When I started the divorce proceedings, I moved out of our marital house with my daughter, to my parents’ house. Once I did, my husband only provided two more weeks of child support, before stopping. To make ends meet, I got a job alongside my studies. My husband eventually took my daughter away from me*.

I have had few outlets to deal with the pain that this caused. Last year, I found theatre, and it has become a healthy and cathartic way to relieve my pain and to deal with my past. I came to theatre after participating in a series of intergenerational dialogues organized by KAFA around women’s memories of the Lebanese civil war. KAFA then collaborated with the Laban Performance Art Theatre to develop the play, “Left to Tell.”

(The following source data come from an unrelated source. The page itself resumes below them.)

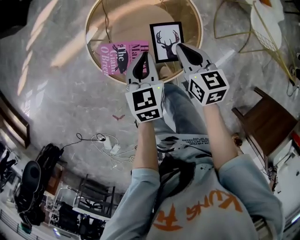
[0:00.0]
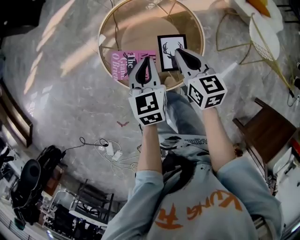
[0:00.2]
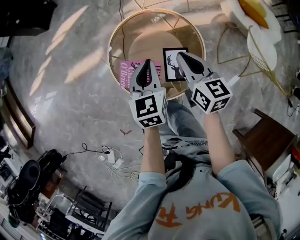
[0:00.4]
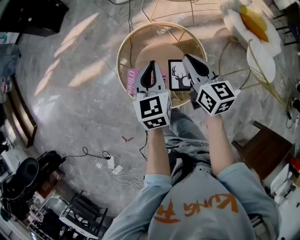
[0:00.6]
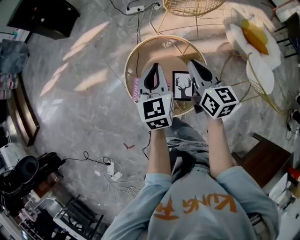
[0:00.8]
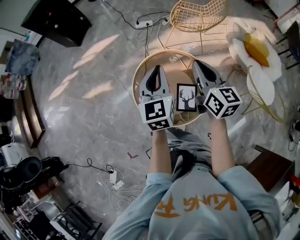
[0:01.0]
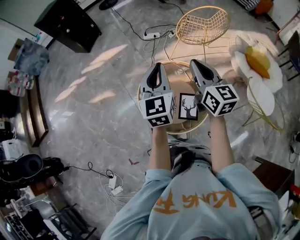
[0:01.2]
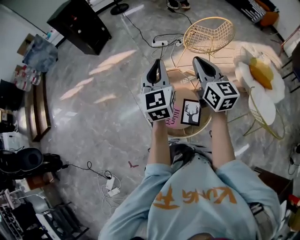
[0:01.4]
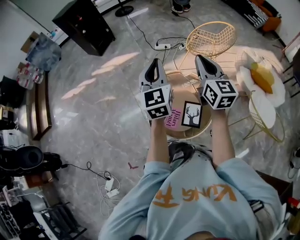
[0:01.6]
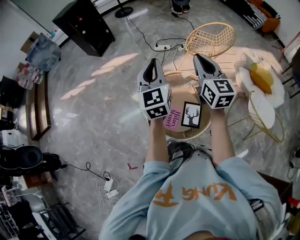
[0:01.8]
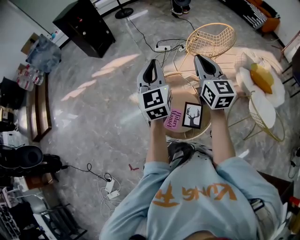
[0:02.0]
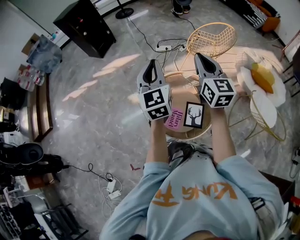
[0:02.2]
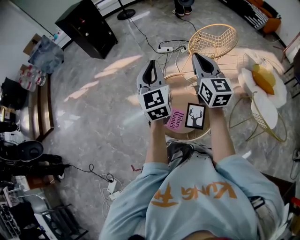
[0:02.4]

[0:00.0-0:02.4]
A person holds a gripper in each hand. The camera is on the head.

The intergenerational dialogues were organized between women who lived through the war and youths. As I engaged more in the intergenerational dialogues, I dug into my past to try to understand the behaviors of those around me. I do not have any memories of the civil war yet hearing the suffering of the women helped me associate my parents’ actions and the society around us with what they went through during the 15 years of bloodshed. 

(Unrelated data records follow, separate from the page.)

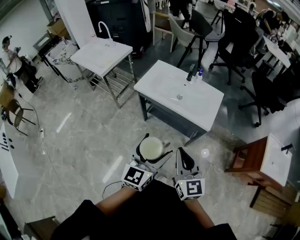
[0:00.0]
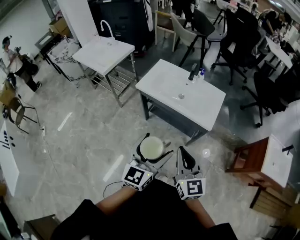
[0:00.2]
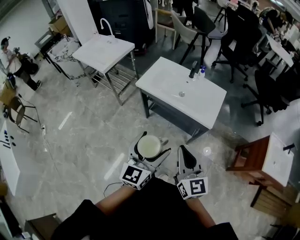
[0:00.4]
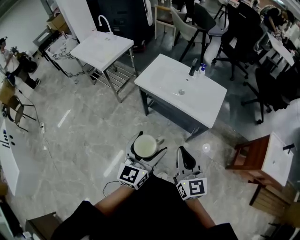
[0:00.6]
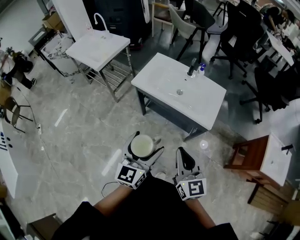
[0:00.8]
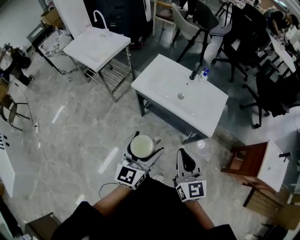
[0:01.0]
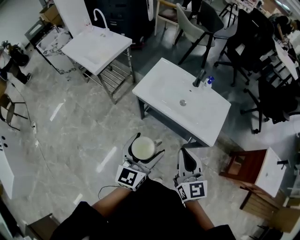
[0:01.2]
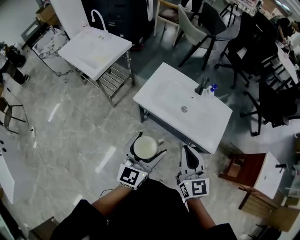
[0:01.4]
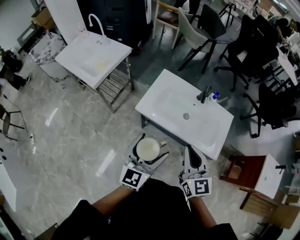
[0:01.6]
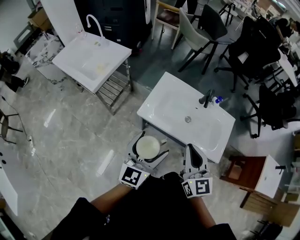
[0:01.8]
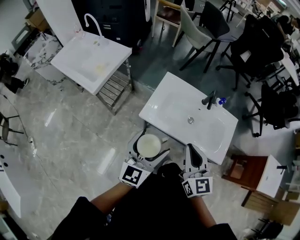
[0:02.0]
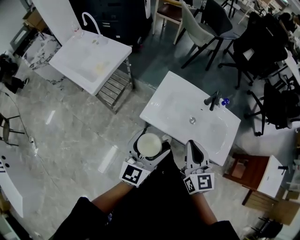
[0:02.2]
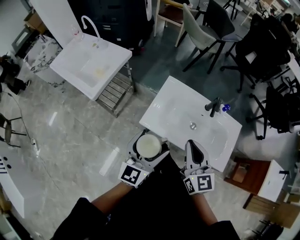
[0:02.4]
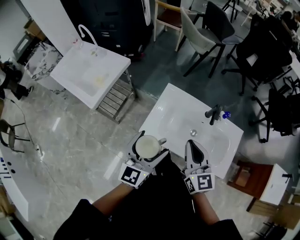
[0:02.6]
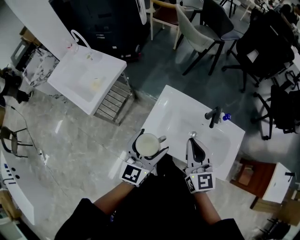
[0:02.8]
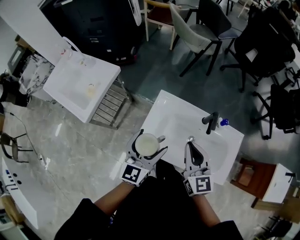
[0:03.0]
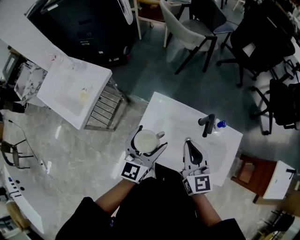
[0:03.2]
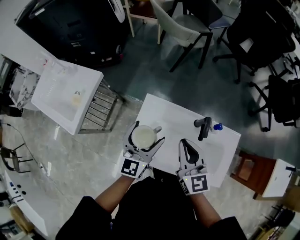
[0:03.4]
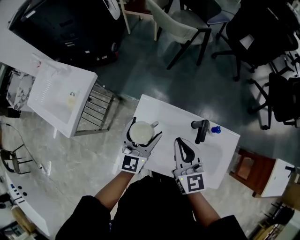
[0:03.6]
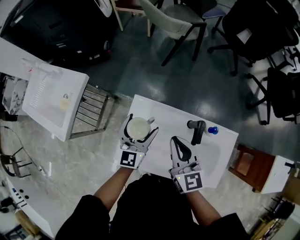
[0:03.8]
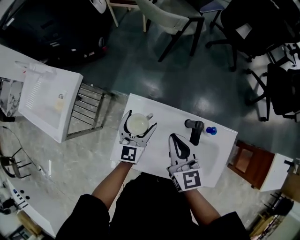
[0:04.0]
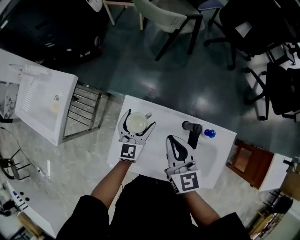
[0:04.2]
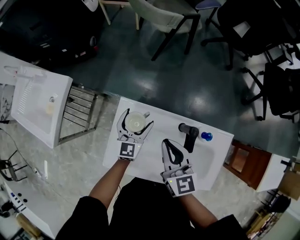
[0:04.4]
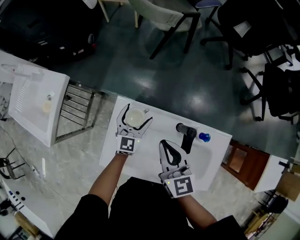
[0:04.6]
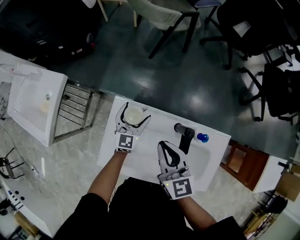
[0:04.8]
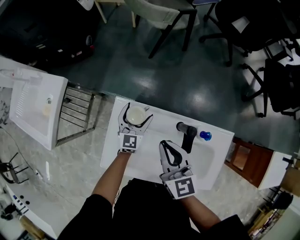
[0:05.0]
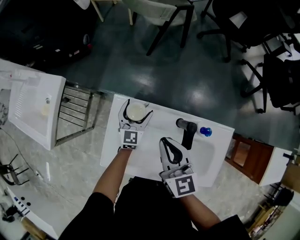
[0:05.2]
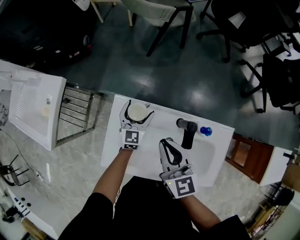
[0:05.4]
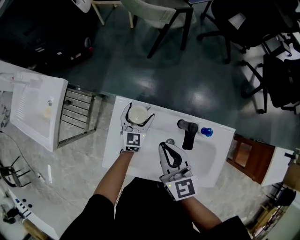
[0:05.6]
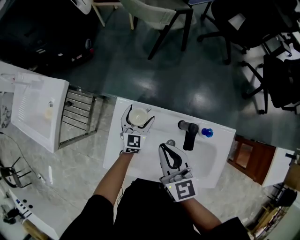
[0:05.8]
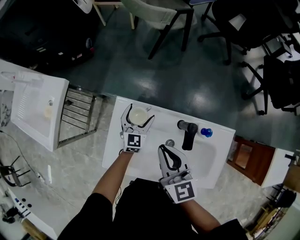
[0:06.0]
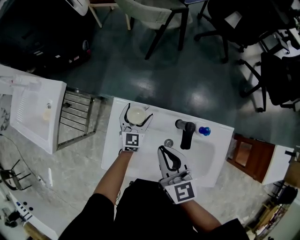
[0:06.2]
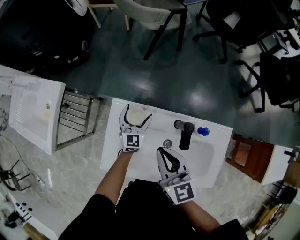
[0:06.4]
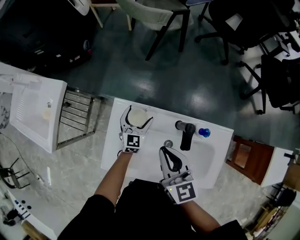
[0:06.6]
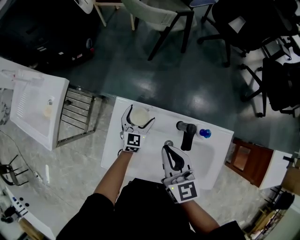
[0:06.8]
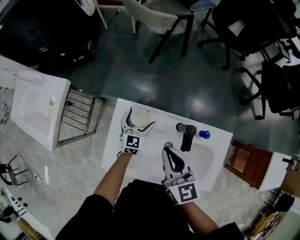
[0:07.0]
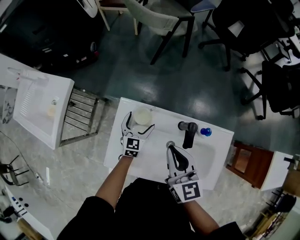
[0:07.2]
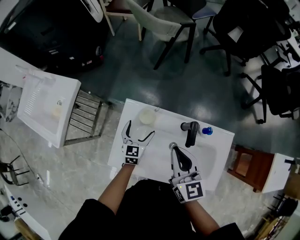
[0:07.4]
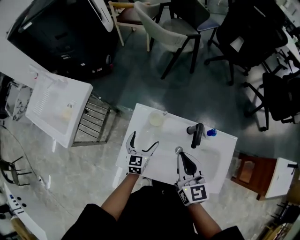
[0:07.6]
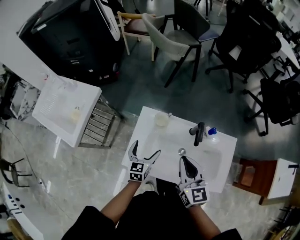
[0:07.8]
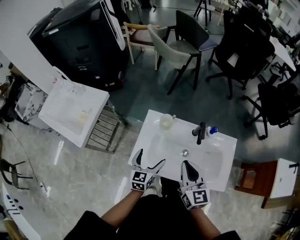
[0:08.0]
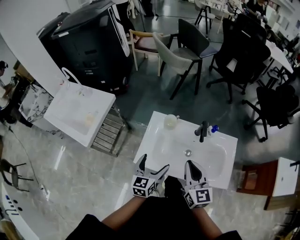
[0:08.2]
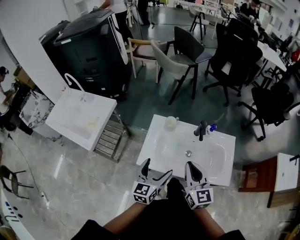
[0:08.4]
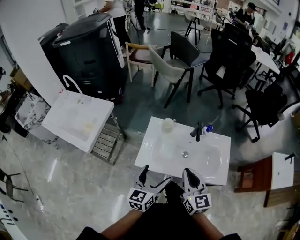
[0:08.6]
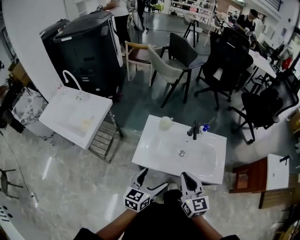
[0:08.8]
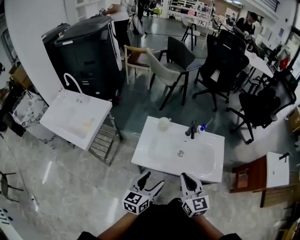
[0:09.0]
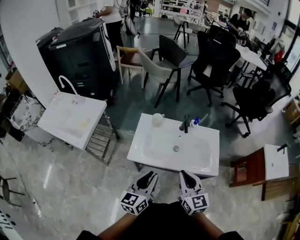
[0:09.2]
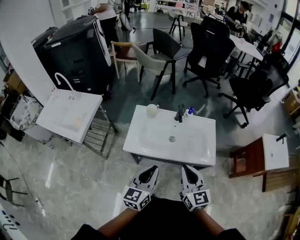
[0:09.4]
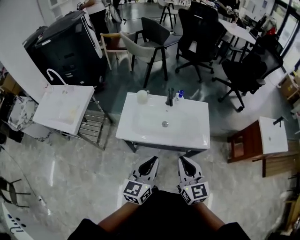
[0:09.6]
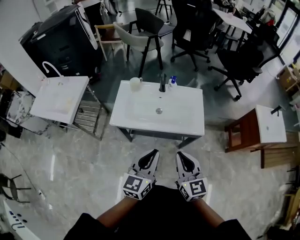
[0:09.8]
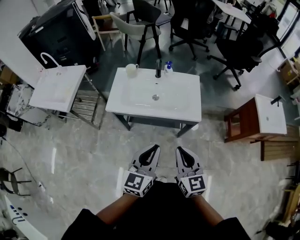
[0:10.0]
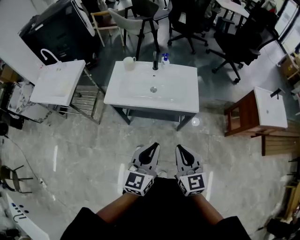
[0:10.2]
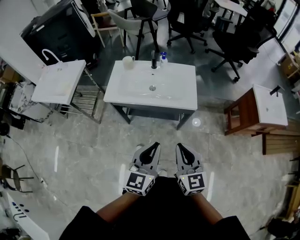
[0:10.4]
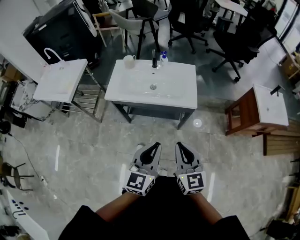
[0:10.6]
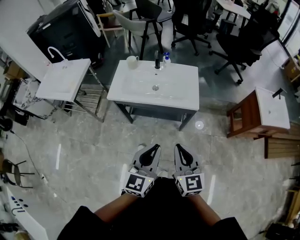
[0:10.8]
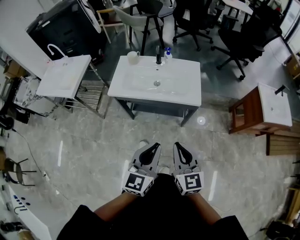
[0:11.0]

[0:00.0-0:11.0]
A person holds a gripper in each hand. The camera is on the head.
0:00.0 to 0:01.6: The left gripper heads forward and to the left, covering roughly 30 cm, while the right gripper is displaced forward by some 30 cm.
0:01.6 to 0:03.2: The two grippers go roughly 35 cm forward.
0:03.2 to 0:04.8: The left gripper heads downward, forward and to the right, covering about 35 cm, while the right gripper heads forward and downward, covering approximately 15 cm.
0:04.8 to 0:06.2: The grippers move only a little.
0:06.2 to 0:07.8: The left gripper heads backward, upward and to the left, covering about 20 cm, while the right gripper moves backward and upward, about 15 cm.
0:07.8 to 0:09.4: The left gripper goes approximately 40 cm backward and upward, changes its angle by about 20 degrees, and closes up. The right gripper goes approximately 30 cm backward.
0:09.4 to 0:11.0: The two grippers go approximately 30 cm backward and to the right.

The stories were compelling yet painful to hear. One woman shared how she became the first woman to drive and study outside their village, a phenomenon that was not accepted in her community. Another woman described the agonizing moment of witnessing the shooting of the Ain El Rimmaneh bus, a pivotal incident that started the civil war. 

Through what they shared, I could see the strength and perseverance of women who refused to give up. These women were not the cause of the fighting, yet they were tremendously affected. During the dialogues, they kept pushing us to continue fighting for peace as hard as they did to pave the way for a better future for us as women and girls in Lebanon.

Inspired by their stories, I was one of the 12 women performers engaged in the script development and staging of the play, re-enacting women’s memories of the past. Despite not living through the civil war, I cried the whole time throughout the dialogue sessions because I truly felt the pain the women explained. We were connected as women, through our collective experiences of pain.

Laban gave us the freedom to choose the character we wanted to represent. I decided on the part of a woman in her late thirties wanting to be liberated from the society’s taboos; I think it was the right fit for me. The play changed us all.

I tell all women who might have, or are still going through similar experiences, not to be scared; to take control of their lives and to seek support when they need it and to believe in better times. Building off from the stories of the empowering women before me, I cannot and will not give up hope that one day my daughter and I can be reunited.”


Aisha Halawany is one of 58 women engaged in the joint KAFA and Laban Performance Art Theatre initiative through the “Dealing with the Past: Memory for the future” Project (DWP). This programme is jointly implemented by KAFA, UN Women, The United Nations Development Programme (UNDP), and The Office of the United Nations High Commissioner for Human Rights (OHCHR) under the leadership of the United Nations Resident Coordinator’s Office (UNRCO), with the generous support of the UN Secretary-General’s Peacebuilding Fund (PBF).
 

*Lebanon acknowledges 15 personal status laws based on its recognized 18 sectarian groups. Family law falls exclusively under the jurisdiction of religious courts, meaning each sect dictates rules regarding marriage, divorce, inheritance, and custody. Across all confessions, women face legal obstacles when terminating unhappy or abusive marriages; limitations on their pecuniary rights; and the risk of losing their children if they remarry or when the so-called maternal custody period (determined by the child’s age) ends.